后巷的夜风带着入骨的寒意,吹不散伤口处弥漫的阴冷。谢知野左臂上那蛛网般蔓延的青黑,如同有生命的藤蔓,正缓慢而坚定地蚕食着所剩不多的温度与生机。每一次呼吸都牵扯着伤口传来的、深入骨髓的冰冷痛楚,额间的冷汗早已浸湿了鬓角。他大半重量靠在江述肩上,步伐虽竭力维持平稳,但越来越沉重的身体和逐渐紊乱的气息,都在昭示着情况的急剧恶化。

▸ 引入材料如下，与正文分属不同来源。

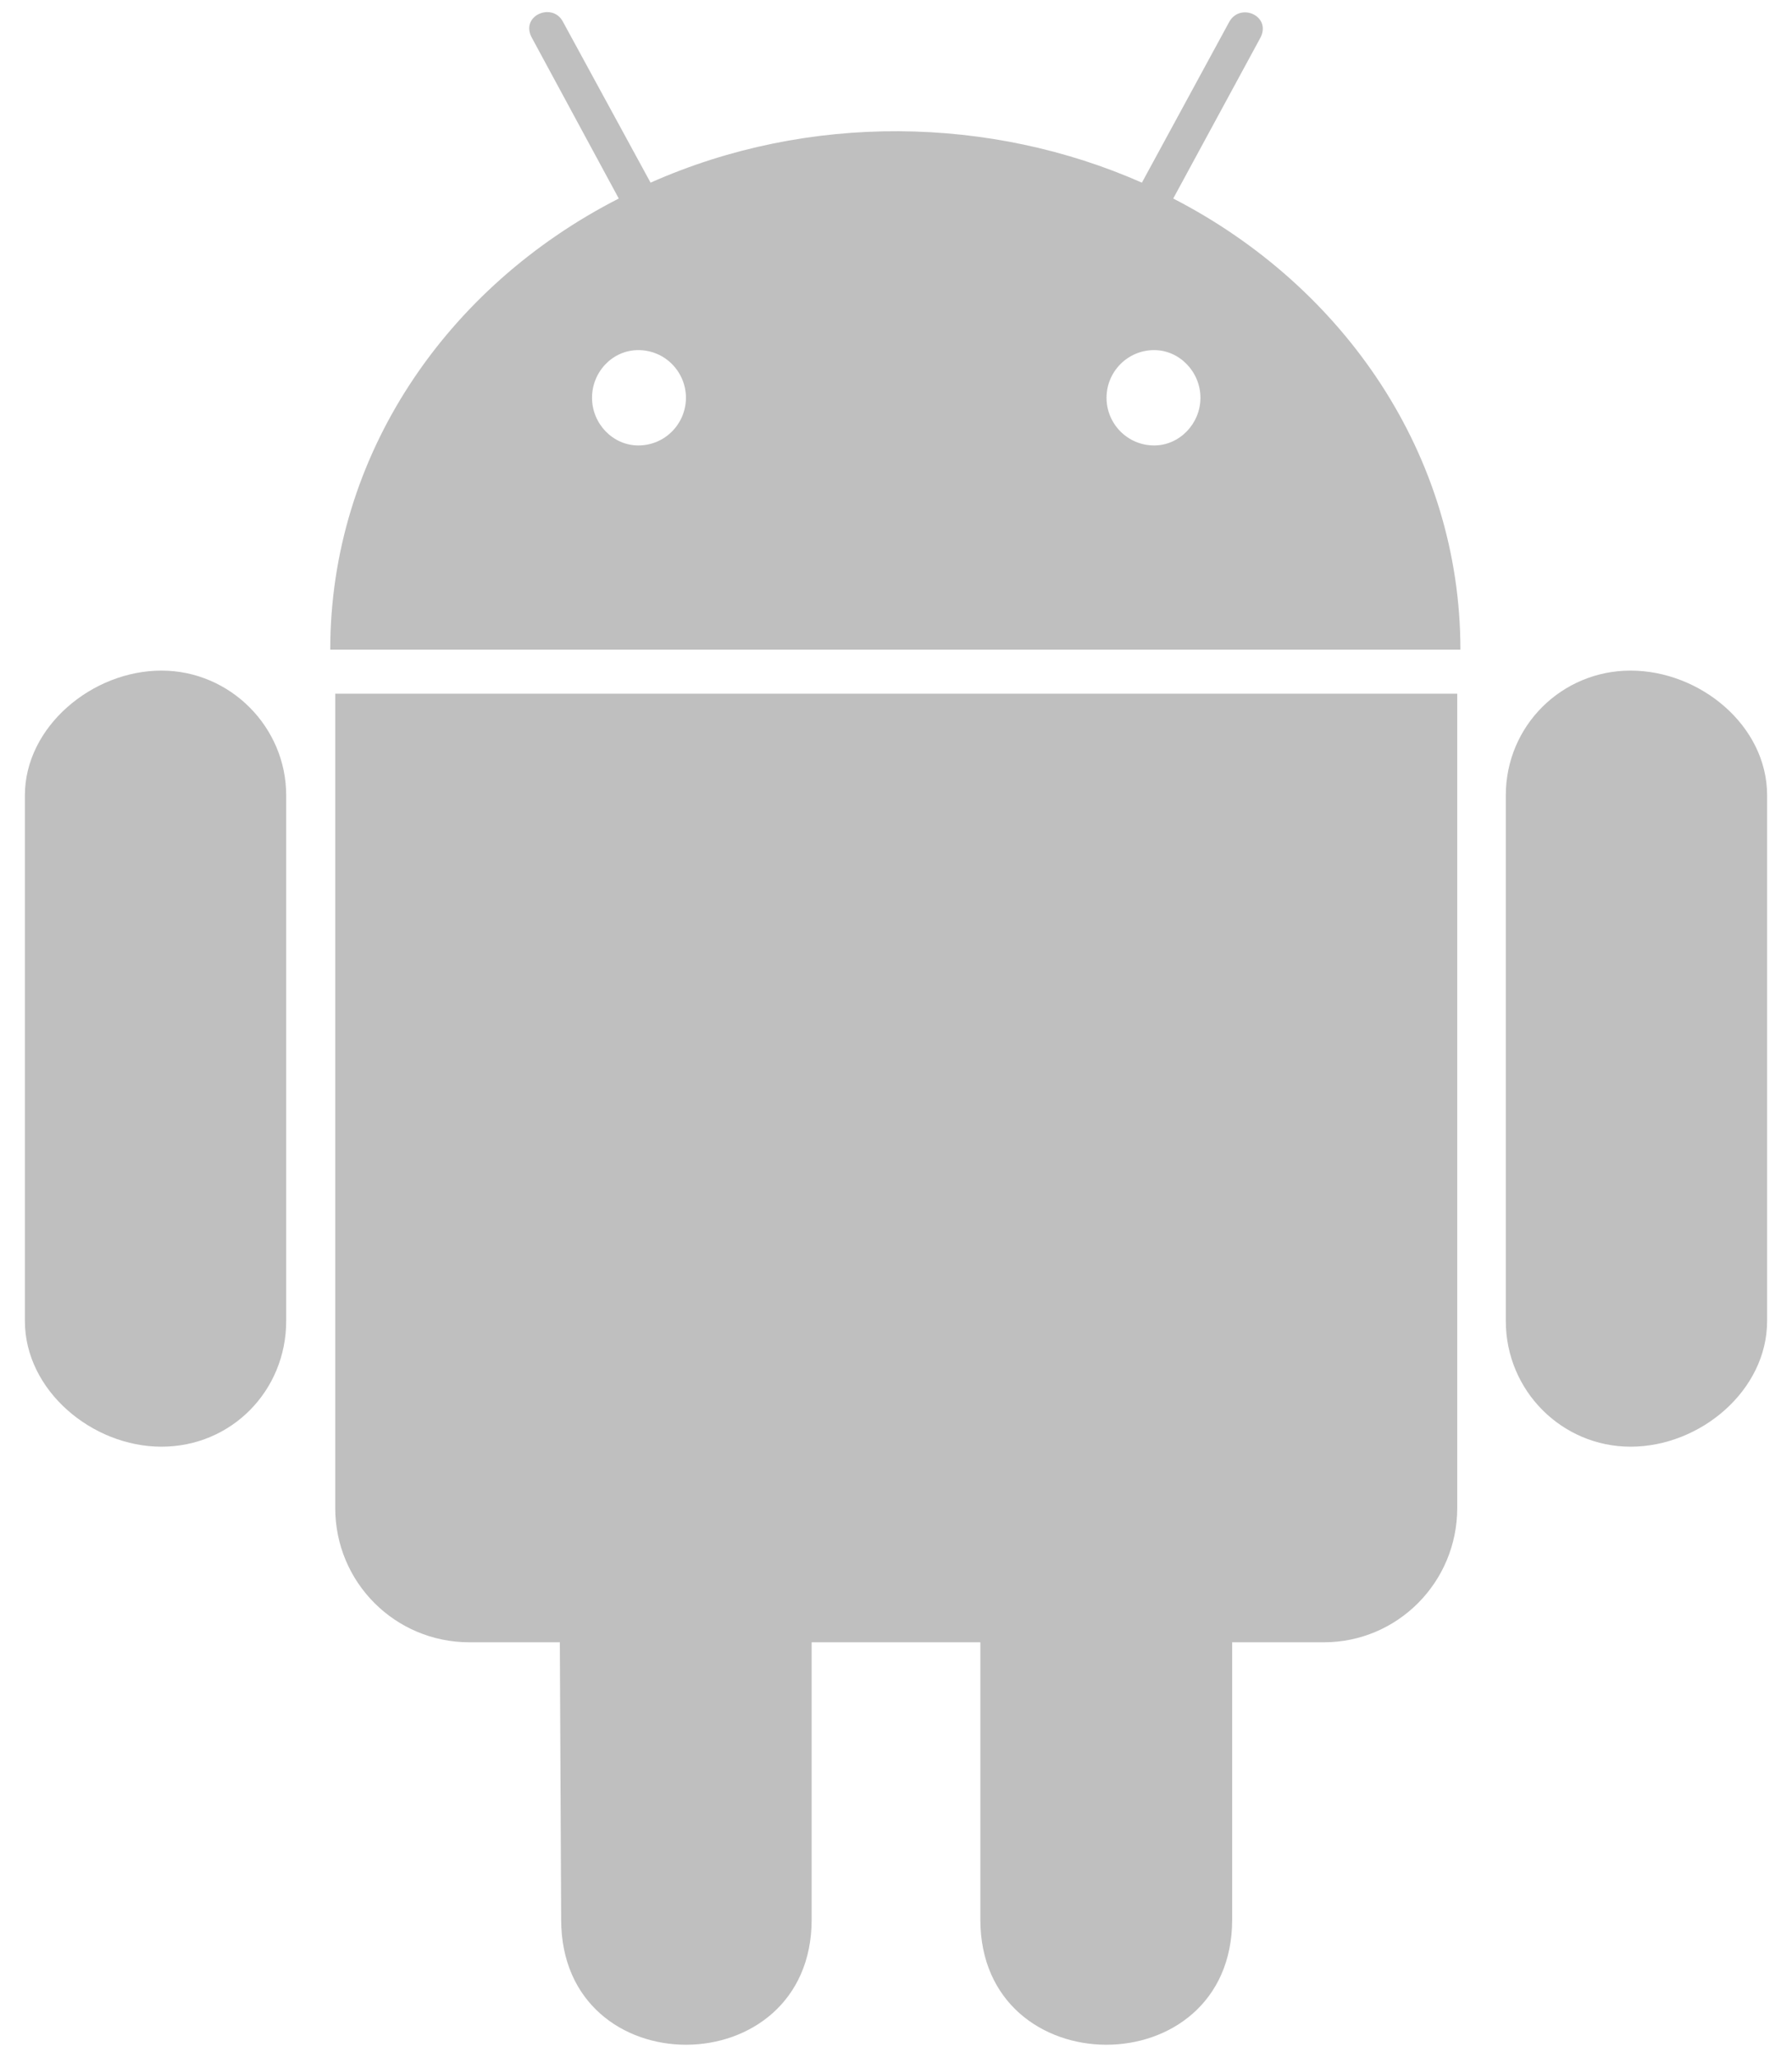 <?xml version="1.0" encoding="UTF-8"?>
<svg width="27px" height="31px" viewBox="0 0 27 31" version="1.1" xmlns="http://www.w3.org/2000/svg" xmlns:xlink="http://www.w3.org/1999/xlink">
    <!-- Generator: Sketch 64 (93537) - https://sketch.com -->
    <title>icon / font awesome / brands / 500px Copy 13</title>
    <desc>Created with Sketch.</desc>
    <g id="Desktop" stroke="none" stroke-width="1" fill="none" fill-rule="evenodd">
        <g id="SETUP-V2" transform="translate(-526, -3013)" fill="#BFBFBF">
            <g id="icon-/-font-awesome-/-brands-/-android" transform="translate(522, 3011)">
                <path d="M8.312,13.979 L8.312,21.896 C8.312,22.948 7.485,23.789 6.433,23.789 C5.387,23.789 4.375,22.941 4.375,21.896 L4.375,13.979 C4.375,12.947 5.387,12.1 6.433,12.1 C7.465,12.1 8.312,12.947 8.312,13.979 Z M9.051,24.712 C9.051,25.833 9.953,26.735 11.074,26.735 L12.435,26.735 L12.455,30.912 C12.455,33.435 16.229,33.414 16.229,30.912 L16.229,26.735 L18.771,26.735 L18.771,30.912 C18.771,33.421 22.565,33.428 22.565,30.912 L22.565,26.735 L23.946,26.735 C25.054,26.735 25.956,25.833 25.956,24.712 L25.956,12.448 L9.051,12.448 L9.051,24.712 Z M26.004,11.785 L8.976,11.785 C8.976,8.859 10.726,6.316 13.323,4.99 L12.018,2.577 C11.826,2.242 12.312,2.03 12.476,2.317 L13.802,4.751 C16.188,3.691 18.929,3.746 21.205,4.751 L22.524,2.324 C22.695,2.03 23.174,2.249 22.982,2.584 L21.677,4.99 C24.254,6.316 26.004,8.859 26.004,11.785 L26.004,11.785 Z M14.335,7.991 C14.335,7.602 14.021,7.273 13.617,7.273 C13.228,7.273 12.92,7.602 12.92,7.991 C12.92,8.381 13.234,8.709 13.617,8.709 C14.021,8.709 14.335,8.381 14.335,7.991 Z M22.087,7.991 C22.087,7.602 21.772,7.273 21.39,7.273 C20.986,7.273 20.672,7.602 20.672,7.991 C20.672,8.381 20.986,8.709 21.39,8.709 C21.772,8.709 22.087,8.381 22.087,7.991 Z M28.567,12.1 C27.535,12.1 26.688,12.927 26.688,13.979 L26.688,21.896 C26.688,22.948 27.535,23.789 28.567,23.789 C29.62,23.789 30.625,22.941 30.625,21.896 L30.625,13.979 C30.625,12.927 29.613,12.1 28.567,12.1 Z" id="android" fill="#BFBFBF"></path>
            </g>
        </g>
    </g>
</svg>

江述的心不断下沉。止血粉和绷带对那诡异的伤口几乎毫无作用,青黑色仍在蔓延,他能感觉到谢知野身体的温度在流失,隔着衣物都能传来的冰冷触感让他心惊肉跳。两个女学生跟在他们身后,如同惊弓之鸟,连啜泣都压抑在喉咙里,只剩下粗重惊恐的喘息。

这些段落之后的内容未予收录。